The NBA All-Star Game is magnificently inconsequential, a forty-eight minute glimpse into what it would be like if the Warriors compelled Steph Curry to report to Bizarro Summer League, which isn’t an uninteresting prospect right up until the moment Steph cruises down the court and—right, okay, he does hit those shots even when people are actually trying to guard him; this is quickly going to get monotonous. The contest is basketball rendered uncanny by the subtraction of crucial elements like effort and stakes. It’s got a hungover, Player Two Has Abandoned His Playstation Controller vibe to it, probably because some of the players are hungover. It doesn’t call out for reform because there’s really no fixing what’s fundamentally screwed up about it—why are we doing this?—and so it simply persists as a strange, decadent, almost charmingly pointless exercise that Chris Rock may or may not sit courtside for. 

So, whatever: instead of East vs. West, the All-Star Game is going to be captains selecting teams pickup style this year. That’s a fine premise that would play out fascinatingly if anyone involved could be bothered to try. (The only solution to that problem is letting the players bet cases of beer and Brentwood real estate.) Not to bag on the idea or argue that the NBA should institute some overreactive Major League Baseball-esque This One Counts measure, but there’s just no saving this thing. It’s unavoidably going to be trailer-as-cinema, sauce-as-entree.

With that said, the NBA is getting something wrong about this new format: they should put the draft on TV. This is an unusual development, that we in the sports-loving audience need to coax a league into peddling yet another sports-adjacent spectacle to one of their broadcast partners. Commissioners usually love doing stuff like this, which is why the NFL Draft somehow lasts three days now, and why the NBA Lottery—which is literally just a guy in a suit reading the names of franchises in a certain order while Magic Johnson or whoever sits behind a game show podium and gives a thumbs up—is a live event. If there’s a way a sports league can make a buck putting something vaguely dramatic on ESPN, they almost always do it.

So why is the NBA leaning toward keeping the All-Star draft off-camera? It has to do with a peculiar squeamishness all massive corporations have toward conflict and risk. While the NBA inarguably benefits (and probably secretly loves, in a bottom line-watching kind of way) from, say, Russell Westbrook straight up despising Kevin Durant, they prefer to let Instagram and Twitter react to that stuff rather than actively push it themselves. They don’t mind Russ yapping at KD on the court, but if he were ice-grilling him at a TV event too nakedly assembled to make something like that happen—there would be nothing truly wrong with it, but Adam Silver and people like him don’t ascend to their stately perches without honing a superior sense of the tacky, and keeping far away from it. The guiding question in a sports league executive’s career generally isn’t What Would Be Fun? or What’s The Right Thing To Do?, but What Makes Me Seem The Most Like A Senator In A Really Boring Movie?

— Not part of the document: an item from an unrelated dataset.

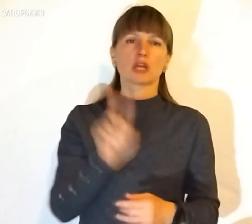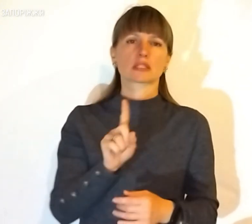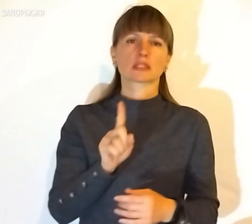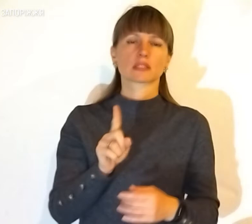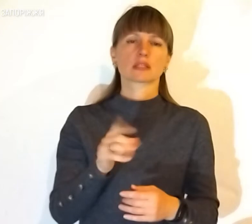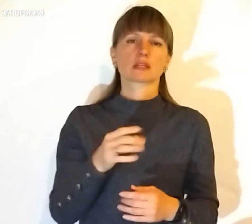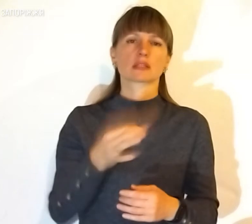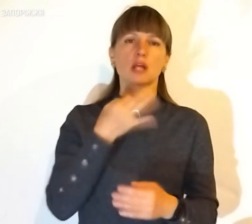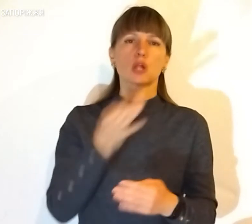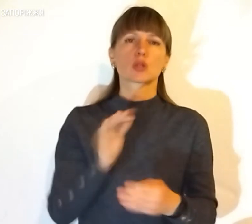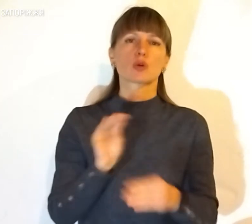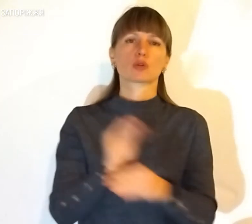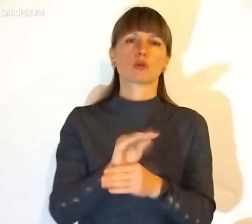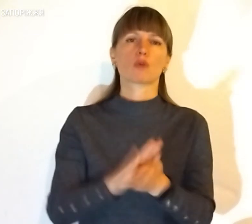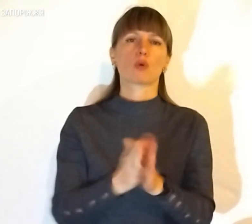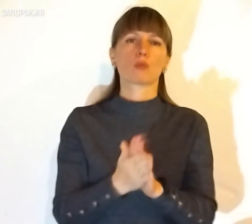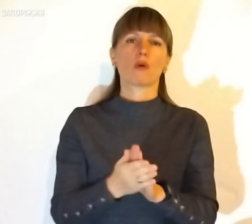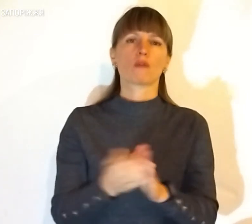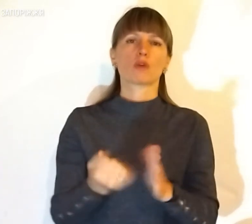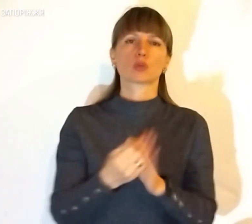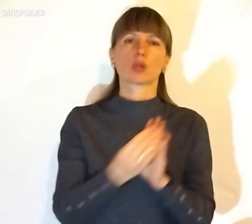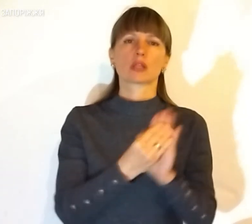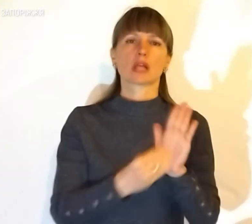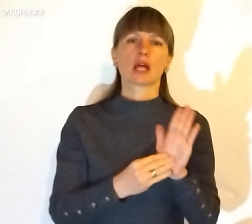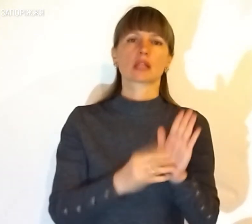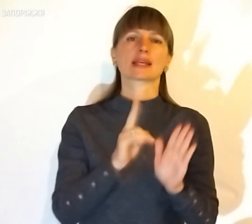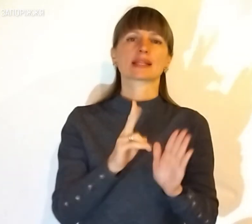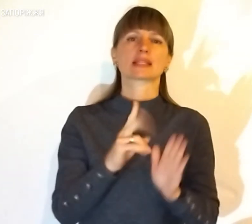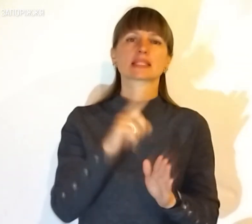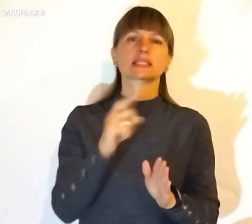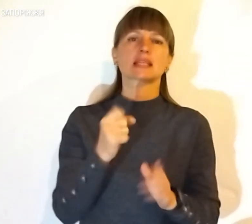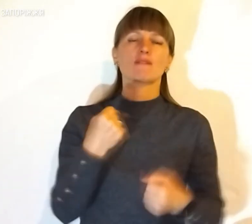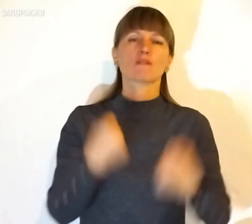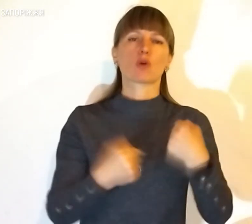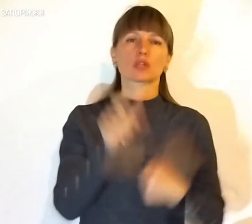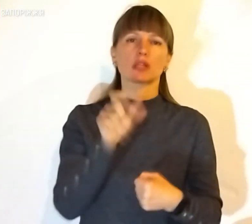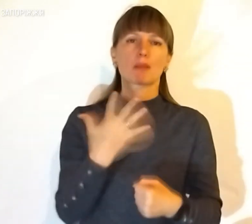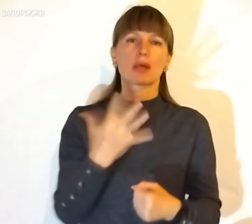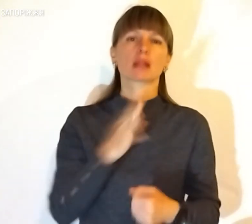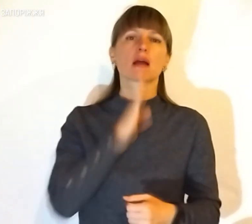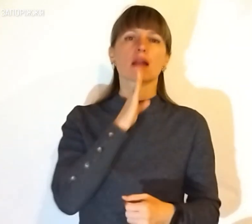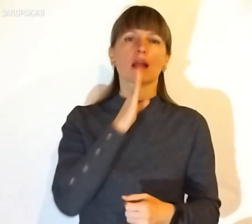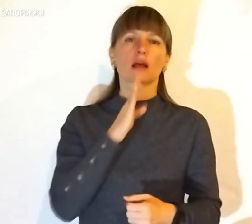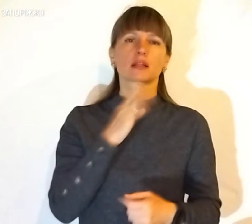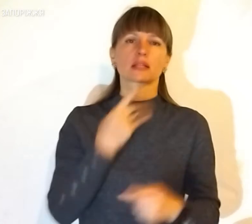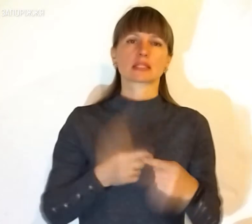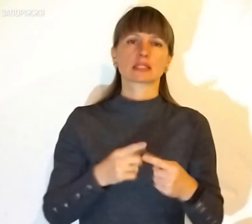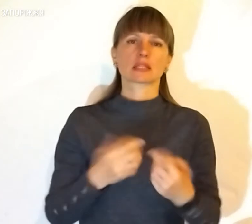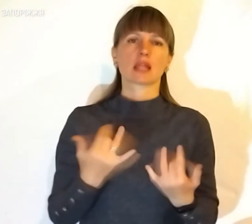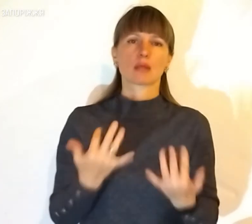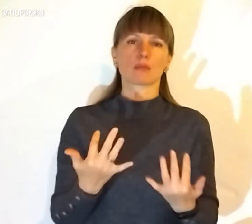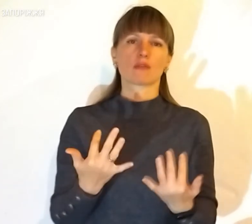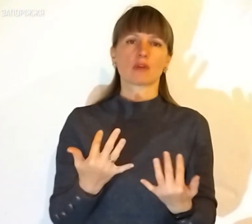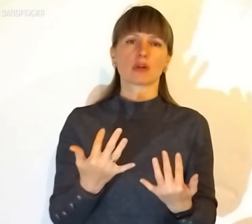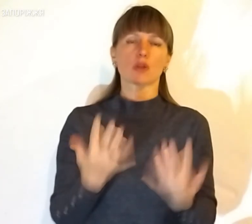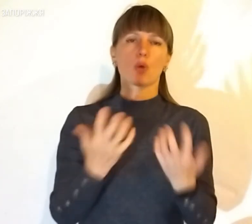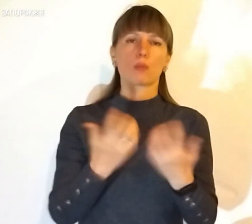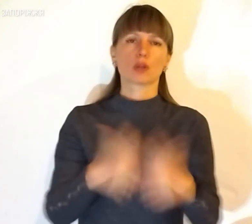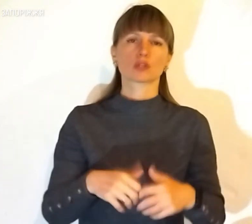висунули додаткові вимоги щодо даних тих, хто за водіїв. ми до п'ятого ранку ці вимоги опрацьовували,

Of course, if enough people clamor for a live broadcast of the draft, we’ll probably get one. If not this year, then perhaps the next. The NBA isn’t populist, but it can be cajoled. It’s helpful to the cause that LeBron James and John Wall have recently come out and said that their egos aren’t so fragile that they can’t handle a little schoolyard drama being beamed into sports bars and living rooms. They get it. They’re overcompetitive weirdos and know that their weird overcompetitiveness and its discontents is part of what makes them and their sport entertaining.

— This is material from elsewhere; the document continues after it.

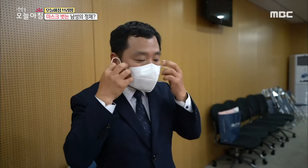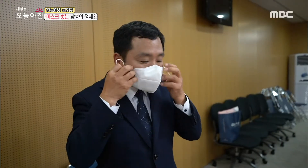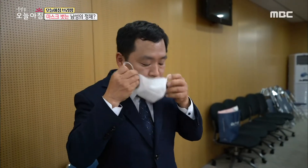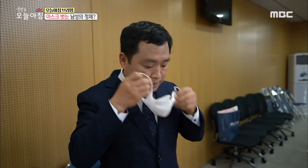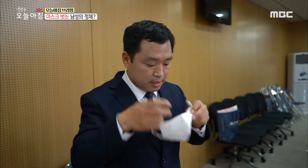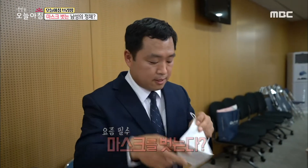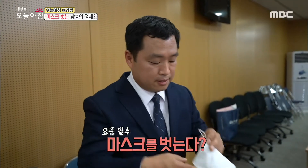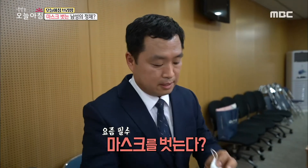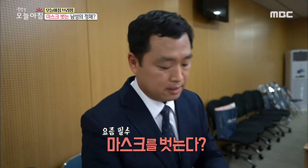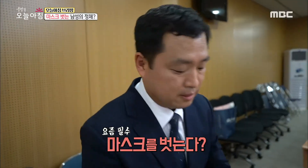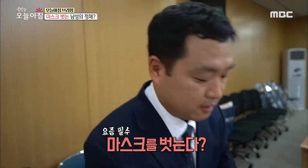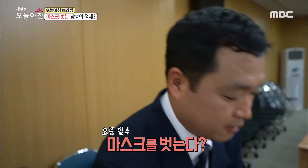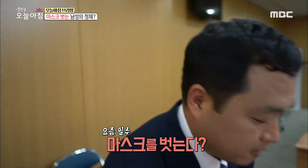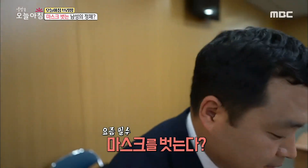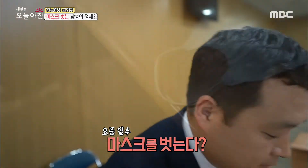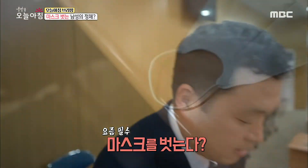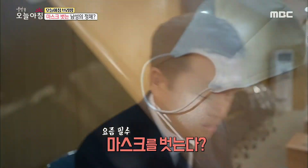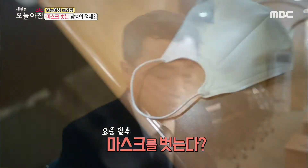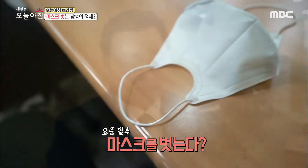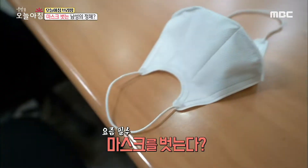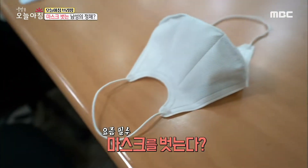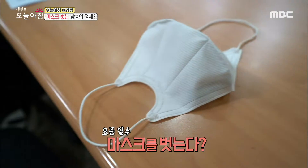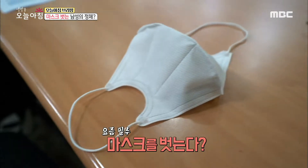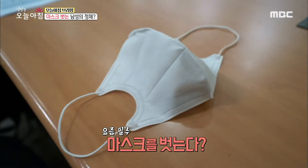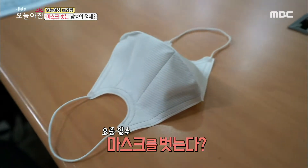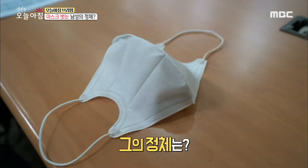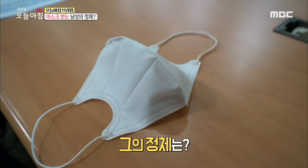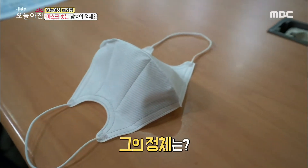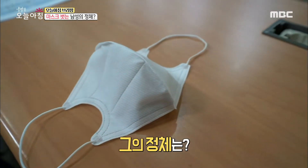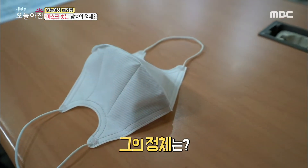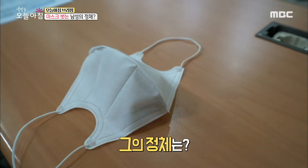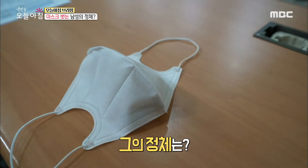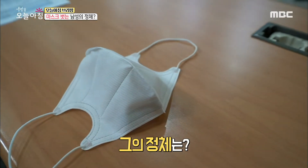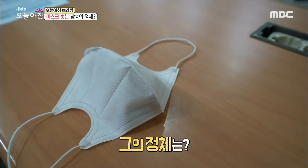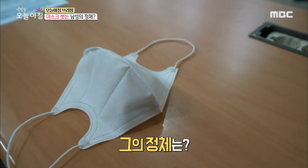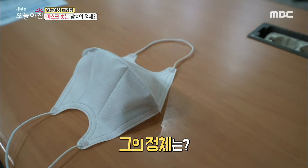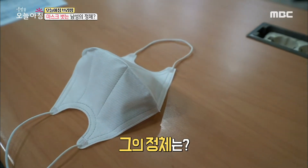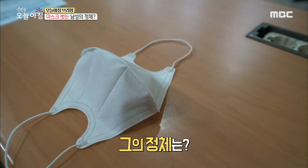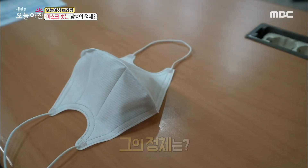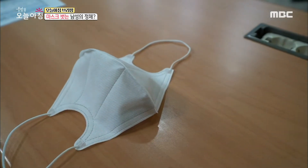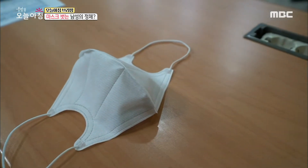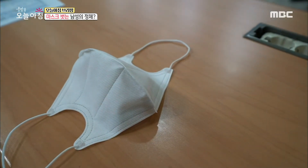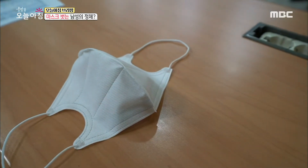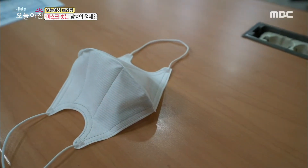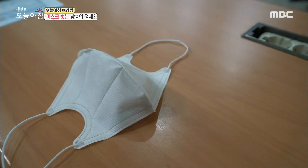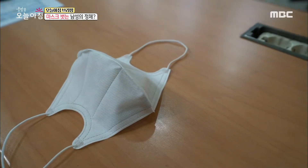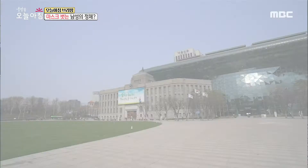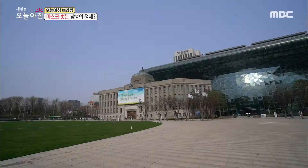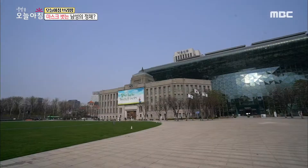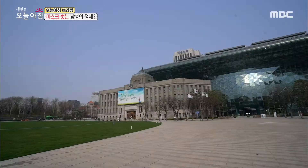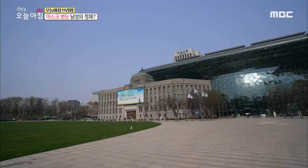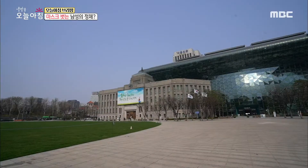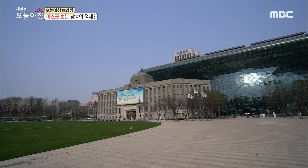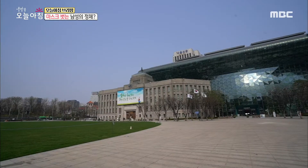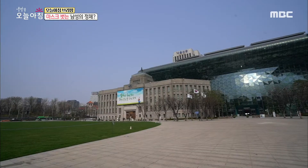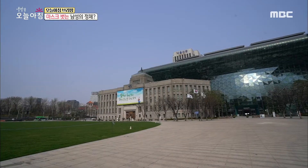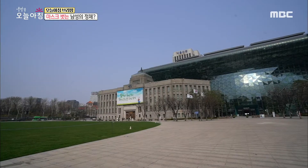그런데 이곳에 요즘 필수인 마스크를 벗는 남성이 있습니다 과연 그의

Were the NBA persuaded, they would have on their hands a new most intriguing part of the whole All-Star Weekend exhibition, if nothing nearly as attention-commanding as a close-run playoff series. But this isn’t about the NBA’s business—which, it bears mentioning in this climate in which we increasingly talk about everything we like as if it were a product we owned stock in, we should absolutely not care about—so much as the league more fully acknowledging what it is and and why people bother with it. We’re here for the beautiful basketball and the soul-salving redemption stories that play well in a soft-focus pregame feature, but we’re also here for a little unpleasantness and beef and enmity. Everyone knows that, the folks in the league offices included. It wouldn’t be such a bad thing to sanction it, to some degree. It’s not like LeBron and Kyrie are going to bring chains and copper pipes to the All-Star Selection Ceremony (brought to you by Sprite)—though, man, it would make for fantastic television if they did.